TASK
Throughout the listing below, copy each line containing "grey".

RECORDS FOR THIS EXERCISE
★ ★ ★ ★ ★ ★ ★

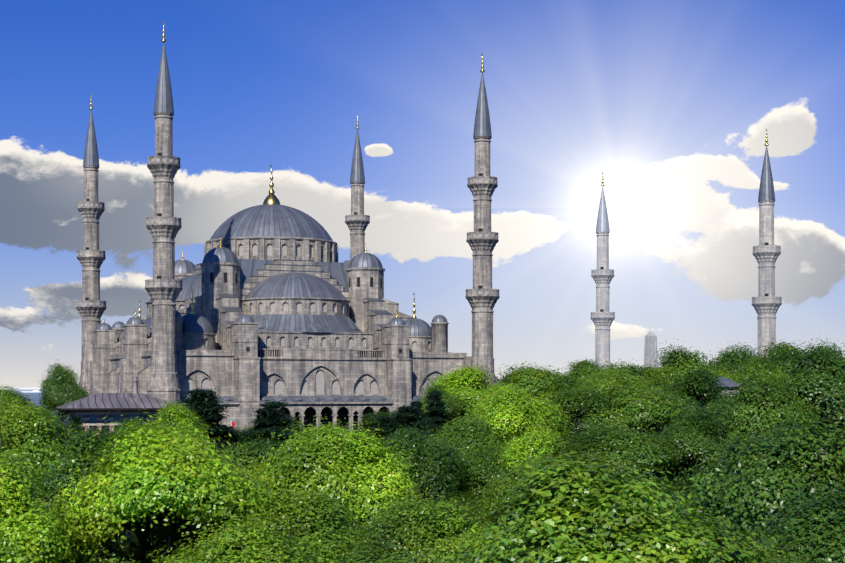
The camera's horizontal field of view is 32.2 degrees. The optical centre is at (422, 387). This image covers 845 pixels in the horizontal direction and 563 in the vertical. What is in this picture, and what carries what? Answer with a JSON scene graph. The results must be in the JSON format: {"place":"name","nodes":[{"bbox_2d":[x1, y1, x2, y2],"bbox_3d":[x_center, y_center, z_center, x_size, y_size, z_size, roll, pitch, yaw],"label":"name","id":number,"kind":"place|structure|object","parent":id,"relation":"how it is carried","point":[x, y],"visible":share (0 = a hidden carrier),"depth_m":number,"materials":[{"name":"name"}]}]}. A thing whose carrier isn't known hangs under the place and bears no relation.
{"place":"outdoors","nodes":[
{"label":"outdoors","id":0,"kind":"place"},
{"bbox_2d":[0,388,698,546],"bbox_3d":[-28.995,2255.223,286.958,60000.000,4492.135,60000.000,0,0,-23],"label":"ground","id":1,"kind":"structure","parent":0,"point":[34,394],"depth_m":1429.38,"materials":[{"name":"green plant"}]},
{"bbox_2d":[0,382,37,444],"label":"broad tree","id":2,"kind":"object","parent":1,"relation":"on","point":[8,394],"visible":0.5,"depth_m":228.30,"materials":[{"name":"green plant"}]},
{"bbox_2d":[20,404,66,428],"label":"broad tree","id":3,"kind":"object","parent":1,"relation":"on","point":[42,411],"visible":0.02,"depth_m":224.47,"materials":[{"name":"green plant"}]},
{"bbox_2d":[0,441,87,562],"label":"broad tree","id":4,"kind":"object","parent":1,"relation":"on","point":[31,535],"visible":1,"depth_m":126.42,"materials":[{"name":"green plant"}]},
{"bbox_2d":[0,397,92,487],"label":"broad tree","id":5,"kind":"object","parent":1,"relation":"on","point":[28,428],"visible":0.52,"depth_m":161.34,"materials":[{"name":"green plant"}]},
{"bbox_2d":[35,358,88,430],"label":"broad tree","id":6,"kind":"object","parent":1,"relation":"on","point":[60,387],"visible":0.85,"depth_m":232.67,"materials":[{"name":"green plant"}]},
{"bbox_2d":[19,420,132,512],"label":"broad tree","id":7,"kind":"object","parent":1,"relation":"on","point":[75,457],"visible":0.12,"depth_m":149.41,"materials":[{"name":"green plant"}]},
{"bbox_2d":[68,414,86,437],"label":"cypress tree","id":8,"kind":"object","parent":1,"relation":"on","point":[75,418],"visible":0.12,"depth_m":213.38,"materials":[{"name":"green plant"}]},
{"bbox_2d":[76,93,106,396],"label":"minaret","id":9,"kind":"object","parent":1,"relation":"on","point":[91,307],"visible":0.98,"depth_m":303.37,"materials":[{"name":"stone"}]},
{"bbox_2d":[35,474,180,562],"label":"broad tree","id":10,"kind":"object","parent":1,"relation":"on","point":[154,545],"visible":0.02,"depth_m":136.62,"materials":[{"name":"green plant"}]},
{"bbox_2d":[54,376,178,437],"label":"pavilion","id":11,"kind":"structure","parent":1,"relation":"on","point":[92,409],"depth_m":226.31,"materials":[{"name":"grey metal"}]},
{"bbox_2d":[70,546,164,562],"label":"broad tree","id":12,"kind":"object","parent":1,"relation":"on","point":[115,558],"visible":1,"depth_m":111.70,"materials":[{"name":"green plant"}]},
{"bbox_2d":[105,411,150,444],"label":"broad tree","id":13,"kind":"object","parent":1,"relation":"on","point":[124,425],"visible":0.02,"depth_m":198.06,"materials":[{"name":"green plant"}]},
{"bbox_2d":[40,404,285,562],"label":"broad tree","id":14,"kind":"object","parent":1,"relation":"on","point":[163,482],"visible":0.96,"depth_m":133.89,"materials":[{"name":"green plant"}]},
{"bbox_2d":[145,21,182,404],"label":"minaret","id":15,"kind":"object","parent":1,"relation":"on","point":[163,288],"visible":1,"depth_m":244.00,"materials":[{"name":"stone"}]},
{"bbox_2d":[127,397,211,450],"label":"broad tree","id":16,"kind":"object","parent":1,"relation":"on","point":[185,413],"visible":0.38,"depth_m":194.91,"materials":[{"name":"green plant"}]},
{"bbox_2d":[145,539,199,561],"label":"understory shrub","id":17,"kind":"object","parent":1,"relation":"on","point":[184,545],"visible":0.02,"depth_m":159.31,"materials":[{"name":"green plant"}]},
{"bbox_2d":[178,388,245,452],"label":"cedar tree","id":18,"kind":"object","parent":1,"relation":"on","point":[205,402],"visible":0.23,"depth_m":203.09,"materials":[{"name":"green plant"}]},
{"bbox_2d":[200,444,223,459],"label":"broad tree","id":19,"kind":"object","parent":1,"relation":"on","point":[215,447],"visible":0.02,"depth_m":188.94,"materials":[{"name":"green plant"}]},
{"bbox_2d":[132,501,339,562],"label":"broad tree","id":20,"kind":"object","parent":1,"relation":"on","point":[251,544],"visible":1,"depth_m":114.42,"materials":[{"name":"green plant"}]},
{"bbox_2d":[224,425,247,449],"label":"broad tree","id":21,"kind":"object","parent":1,"relation":"on","point":[233,442],"visible":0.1,"depth_m":207.96,"materials":[{"name":"green plant"}]},
{"bbox_2d":[216,434,285,511],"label":"broad tree","id":22,"kind":"object","parent":1,"relation":"on","point":[249,451],"visible":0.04,"depth_m":162.97,"materials":[{"name":"green plant"}]},
{"bbox_2d":[239,400,296,445],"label":"cedar tree","id":23,"kind":"object","parent":1,"relation":"on","point":[270,415],"visible":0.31,"depth_m":207.57,"materials":[{"name":"green plant"}]},
{"bbox_2d":[233,429,311,452],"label":"tree","id":24,"kind":"object","parent":1,"relation":"on","point":[257,438],"visible":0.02,"depth_m":207.23,"materials":[{"name":"green plant"}]},
{"bbox_2d":[238,424,306,450],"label":"tree","id":25,"kind":"object","parent":1,"relation":"on","point":[267,437],"visible":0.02,"depth_m":208.61,"materials":[{"name":"green plant"}]},
{"bbox_2d":[243,413,311,432],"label":"tree","id":26,"kind":"object","parent":1,"relation":"on","point":[297,425],"visible":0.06,"depth_m":222.97,"materials":[{"name":"green plant"}]},
{"bbox_2d":[249,481,371,562],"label":"broad tree","id":27,"kind":"object","parent":1,"relation":"on","point":[321,511],"visible":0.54,"depth_m":133.94,"materials":[{"name":"green plant"}]},
{"bbox_2d":[297,423,346,438],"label":"tree","id":28,"kind":"object","parent":1,"relation":"on","point":[322,427],"depth_m":216.80,"materials":[{"name":"green plant"}]},
{"bbox_2d":[241,414,429,533],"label":"broad tree","id":29,"kind":"object","parent":1,"relation":"on","point":[357,469],"visible":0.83,"depth_m":152.47,"materials":[{"name":"green plant"}]},
{"bbox_2d":[344,114,369,262],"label":"minaret","id":30,"kind":"object","parent":1,"relation":"on","point":[357,221],"visible":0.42,"depth_m":327.10,"materials":[{"name":"stone"}]},
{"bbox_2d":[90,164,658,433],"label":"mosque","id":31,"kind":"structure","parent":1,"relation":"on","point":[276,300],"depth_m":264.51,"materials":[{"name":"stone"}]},
{"bbox_2d":[322,524,431,562],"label":"broad tree","id":32,"kind":"object","parent":1,"relation":"on","point":[377,558],"visible":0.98,"depth_m":107.75,"materials":[{"name":"green plant"}]},
{"bbox_2d":[351,407,405,441],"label":"tree","id":33,"kind":"object","parent":1,"relation":"on","point":[371,422],"visible":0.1,"depth_m":226.45,"materials":[{"name":"green plant"}]},
{"bbox_2d":[370,415,400,445],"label":"cedar tree","id":34,"kind":"object","parent":1,"relation":"on","point":[389,423],"visible":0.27,"depth_m":206.86,"materials":[{"name":"green plant"}]},
{"bbox_2d":[374,404,430,437],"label":"cedar tree","id":35,"kind":"object","parent":1,"relation":"on","point":[403,415],"visible":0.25,"depth_m":210.36,"materials":[{"name":"green plant"}]},
{"bbox_2d":[333,488,501,562],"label":"broad tree","id":36,"kind":"object","parent":1,"relation":"on","point":[432,526],"visible":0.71,"depth_m":129.88,"materials":[{"name":"green plant"}]},
{"bbox_2d":[408,400,426,427],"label":"cypress tree","id":37,"kind":"object","parent":1,"relation":"on","point":[418,404],"visible":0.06,"depth_m":221.54,"materials":[{"name":"green plant"}]},
{"bbox_2d":[380,422,474,505],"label":"broad tree","id":38,"kind":"object","parent":1,"relation":"on","point":[435,465],"visible":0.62,"depth_m":169.60,"materials":[{"name":"green plant"}]},
{"bbox_2d":[421,390,446,440],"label":"cypress tree","id":39,"kind":"object","parent":1,"relation":"on","point":[433,415],"visible":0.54,"depth_m":220.59,"materials":[{"name":"green plant"}]},
{"bbox_2d":[414,384,469,430],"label":"broad tree","id":40,"kind":"object","parent":1,"relation":"on","point":[450,405],"visible":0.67,"depth_m":226.03,"materials":[{"name":"green plant"}]},
{"bbox_2d":[437,481,469,498],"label":"understory shrub","id":41,"kind":"object","parent":1,"relation":"on","point":[456,487],"depth_m":177.76,"materials":[{"name":"green plant"}]},
{"bbox_2d":[419,362,500,417],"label":"broad tree","id":42,"kind":"object","parent":1,"relation":"on","point":[467,383],"visible":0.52,"depth_m":232.77,"materials":[{"name":"green plant"}]},
{"bbox_2d":[425,412,510,486],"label":"broad tree","id":43,"kind":"object","parent":1,"relation":"on","point":[471,435],"visible":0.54,"depth_m":180.34,"materials":[{"name":"green plant"}]},
{"bbox_2d":[421,490,517,530],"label":"understory shrub","id":44,"kind":"object","parent":1,"relation":"on","point":[461,501],"visible":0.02,"depth_m":168.75,"materials":[{"name":"green plant"}]},
{"bbox_2d":[445,490,500,521],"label":"understory shrub","id":45,"kind":"object","parent":1,"relation":"on","point":[459,495],"depth_m":170.48,"materials":[{"name":"green plant"}]},
{"bbox_2d":[465,53,499,420],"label":"minaret","id":46,"kind":"object","parent":1,"relation":"on","point":[482,296],"visible":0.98,"depth_m":267.51,"materials":[{"name":"stone"}]},
{"bbox_2d":[454,437,510,497],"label":"broad tree","id":47,"kind":"object","parent":1,"relation":"on","point":[480,468],"visible":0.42,"depth_m":176.06,"materials":[{"name":"green plant"}]},
{"bbox_2d":[442,519,538,562],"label":"broad tree","id":48,"kind":"object","parent":1,"relation":"on","point":[480,537],"visible":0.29,"depth_m":112.67,"materials":[{"name":"green plant"}]},
{"bbox_2d":[468,378,542,414],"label":"broad tree","id":49,"kind":"object","parent":1,"relation":"on","point":[493,390],"visible":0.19,"depth_m":227.00,"materials":[{"name":"green plant"}]},
{"bbox_2d":[452,380,578,447],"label":"broad tree","id":50,"kind":"object","parent":1,"relation":"on","point":[514,411],"visible":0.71,"depth_m":191.05,"materials":[{"name":"green plant"}]},
{"bbox_2d":[464,448,573,529],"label":"broad tree","id":51,"kind":"object","parent":1,"relation":"on","point":[491,499],"visible":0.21,"depth_m":160.40,"materials":[{"name":"green plant"}]},
{"bbox_2d":[483,424,576,483],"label":"broad tree","id":52,"kind":"object","parent":1,"relation":"on","point":[512,455],"visible":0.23,"depth_m":172.48,"materials":[{"name":"green plant"}]},
{"bbox_2d":[486,359,580,398],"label":"broad tree","id":53,"kind":"object","parent":1,"relation":"on","point":[539,378],"visible":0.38,"depth_m":233.90,"materials":[{"name":"green plant"}]},
{"bbox_2d":[537,369,588,403],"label":"broad tree","id":54,"kind":"object","parent":1,"relation":"on","point":[565,380],"visible":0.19,"depth_m":230.33,"materials":[{"name":"green plant"}]},
{"bbox_2d":[552,427,585,463],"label":"broad tree","id":55,"kind":"object","parent":1,"relation":"on","point":[570,444],"visible":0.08,"depth_m":179.50,"materials":[{"name":"green plant"}]},
{"bbox_2d":[562,418,578,440],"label":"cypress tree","id":56,"kind":"object","parent":1,"relation":"on","point":[570,421],"visible":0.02,"depth_m":199.47,"materials":[{"name":"green plant"}]},
{"bbox_2d":[557,356,607,386],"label":"broad tree","id":57,"kind":"object","parent":1,"relation":"on","point":[583,369],"visible":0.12,"depth_m":237.96,"materials":[{"name":"green plant"}]},
{"bbox_2d":[543,383,625,440],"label":"broad tree","id":58,"kind":"object","parent":1,"relation":"on","point":[583,404],"visible":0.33,"depth_m":201.17,"materials":[{"name":"green plant"}]},
{"bbox_2d":[399,436,793,562],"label":"broad tree","id":59,"kind":"object","parent":1,"relation":"on","point":[570,507],"visible":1,"depth_m":102.66,"materials":[{"name":"green plant"}]},
{"bbox_2d":[561,535,636,562],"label":"broad tree","id":60,"kind":"object","parent":1,"relation":"on","point":[606,553],"visible":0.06,"depth_m":100.23,"materials":[{"name":"green plant"}]},
{"bbox_2d":[590,173,614,368],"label":"minaret","id":61,"kind":"object","parent":1,"relation":"on","point":[602,317],"visible":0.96,"depth_m":352.07,"materials":[{"name":"stone"}]},
{"bbox_2d":[575,362,661,395],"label":"broad tree","id":62,"kind":"object","parent":1,"relation":"on","point":[609,376],"visible":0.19,"depth_m":230.25,"materials":[{"name":"green plant"}]},
{"bbox_2d":[565,417,685,484],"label":"broad tree","id":63,"kind":"object","parent":1,"relation":"on","point":[635,443],"visible":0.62,"depth_m":176.91,"materials":[{"name":"green plant"}]},
{"bbox_2d":[573,375,698,436],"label":"broad tree","id":64,"kind":"object","parent":1,"relation":"on","point":[647,408],"visible":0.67,"depth_m":198.37,"materials":[{"name":"green plant"}]},
{"bbox_2d":[597,358,675,389],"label":"broad tree","id":65,"kind":"object","parent":1,"relation":"on","point":[635,368],"visible":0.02,"depth_m":239.22,"materials":[{"name":"green plant"}]},
{"bbox_2d":[644,331,657,368],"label":"obelisk","id":66,"kind":"object","parent":1,"relation":"on","point":[650,347],"visible":0.3,"depth_m":400.13,"materials":[{"name":"stone"}]},
{"bbox_2d":[642,363,686,391],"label":"broad tree","id":67,"kind":"object","parent":1,"relation":"on","point":[660,374],"visible":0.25,"depth_m":233.08,"materials":[{"name":"green plant"}]},
{"bbox_2d":[645,477,694,506],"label":"understory shrub","id":68,"kind":"object","parent":1,"relation":"on","point":[668,489],"depth_m":175.52,"materials":[{"name":"green plant"}]},
{"bbox_2d":[666,464,691,489],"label":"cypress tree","id":69,"kind":"object","parent":1,"relation":"on","point":[677,473],"visible":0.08,"depth_m":184.08,"materials":[{"name":"green plant"}]},
{"bbox_2d":[648,338,713,377],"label":"broad tree","id":70,"kind":"object","parent":1,"relation":"on","point":[680,360],"visible":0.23,"depth_m":240.34,"materials":[{"name":"green plant"}]},
{"bbox_2d":[644,409,736,489],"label":"broad tree","id":71,"kind":"object","parent":1,"relation":"on","point":[695,433],"visible":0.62,"depth_m":179.35,"materials":[{"name":"green plant"}]},
{"bbox_2d":[656,366,733,418],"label":"broad tree","id":72,"kind":"object","parent":1,"relation":"on","point":[696,387],"visible":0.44,"depth_m":212.27,"materials":[{"name":"green plant"}]},
{"bbox_2d":[693,360,739,381],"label":"broad tree","id":73,"kind":"object","parent":1,"relation":"on","point":[727,375],"visible":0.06,"depth_m":231.46,"materials":[{"name":"green plant"}]},
{"bbox_2d":[713,377,743,398],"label":"garden kiosks","id":74,"kind":"object","parent":1,"relation":"on","point":[729,382],"visible":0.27,"depth_m":225.37,"materials":[{"name":"stone"}]},
{"bbox_2d":[696,339,764,376],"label":"broad tree","id":75,"kind":"object","parent":1,"relation":"on","point":[735,358],"visible":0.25,"depth_m":237.81,"materials":[{"name":"green plant"}]},
{"bbox_2d":[654,403,844,544],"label":"broad tree","id":76,"kind":"object","parent":1,"relation":"on","point":[777,471],"visible":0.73,"depth_m":135.10,"materials":[{"name":"green plant"}]},
{"bbox_2d":[730,351,790,390],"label":"broad tree","id":77,"kind":"object","parent":1,"relation":"on","point":[754,366],"visible":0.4,"depth_m":228.05,"materials":[{"name":"green plant"}]},
{"bbox_2d":[705,520,815,562],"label":"broad tree","id":78,"kind":"object","parent":1,"relation":"on","point":[772,549],"visible":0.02,"depth_m":111.06,"materials":[{"name":"green plant"}]},
{"bbox_2d":[695,367,826,445],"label":"broad tree","id":79,"kind":"object","parent":1,"relation":"on","point":[756,407],"visible":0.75,"depth_m":194.44,"materials":[{"name":"green plant"}]},
{"bbox_2d":[752,130,781,355],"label":"minaret","id":80,"kind":"object","parent":1,"relation":"on","point":[766,302],"visible":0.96,"depth_m":292.74,"materials":[{"name":"grey stone"}]},
{"bbox_2d":[769,360,799,387],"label":"broad tree","id":81,"kind":"object","parent":1,"relation":"on","point":[784,373],"depth_m":226.93,"materials":[{"name":"green plant"}]},
{"bbox_2d":[757,338,812,372],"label":"broad tree","id":82,"kind":"object","parent":1,"relation":"on","point":[785,347],"visible":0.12,"depth_m":236.27,"materials":[{"name":"green plant"}]},
{"bbox_2d":[745,545,832,562],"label":"broad tree","id":83,"kind":"object","parent":1,"relation":"on","point":[780,560],"visible":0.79,"depth_m":106.86,"materials":[{"name":"green plant"}]},
{"bbox_2d":[736,483,844,562],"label":"broad tree","id":84,"kind":"object","parent":1,"relation":"on","point":[819,529],"visible":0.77,"depth_m":116.15,"materials":[{"name":"green plant"}]},
{"bbox_2d":[748,339,844,441],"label":"broad tree","id":85,"kind":"object","parent":1,"relation":"on","point":[821,381],"visible":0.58,"depth_m":198.96,"materials":[{"name":"green plant"}]},
{"bbox_2d":[781,338,844,370],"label":"broad tree","id":86,"kind":"object","parent":1,"relation":"on","point":[819,348],"visible":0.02,"depth_m":233.01,"materials":[{"name":"green plant"}]},
{"bbox_2d":[0,0,844,387],"label":"sky","id":87,"kind":"structure","parent":0,"point":[675,102],"materials":[{"name":"blue"}]}
]}

★ ★ ★ ★ ★ ★ ★

RESPONSE AREA
{"bbox_2d":[54,376,178,437],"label":"pavilion","id":11,"kind":"structure","parent":1,"relation":"on","point":[92,409],"depth_m":226.31,"materials":[{"name":"grey metal"}]},
{"bbox_2d":[752,130,781,355],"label":"minaret","id":80,"kind":"object","parent":1,"relation":"on","point":[766,302],"visible":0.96,"depth_m":292.74,"materials":[{"name":"grey stone"}]},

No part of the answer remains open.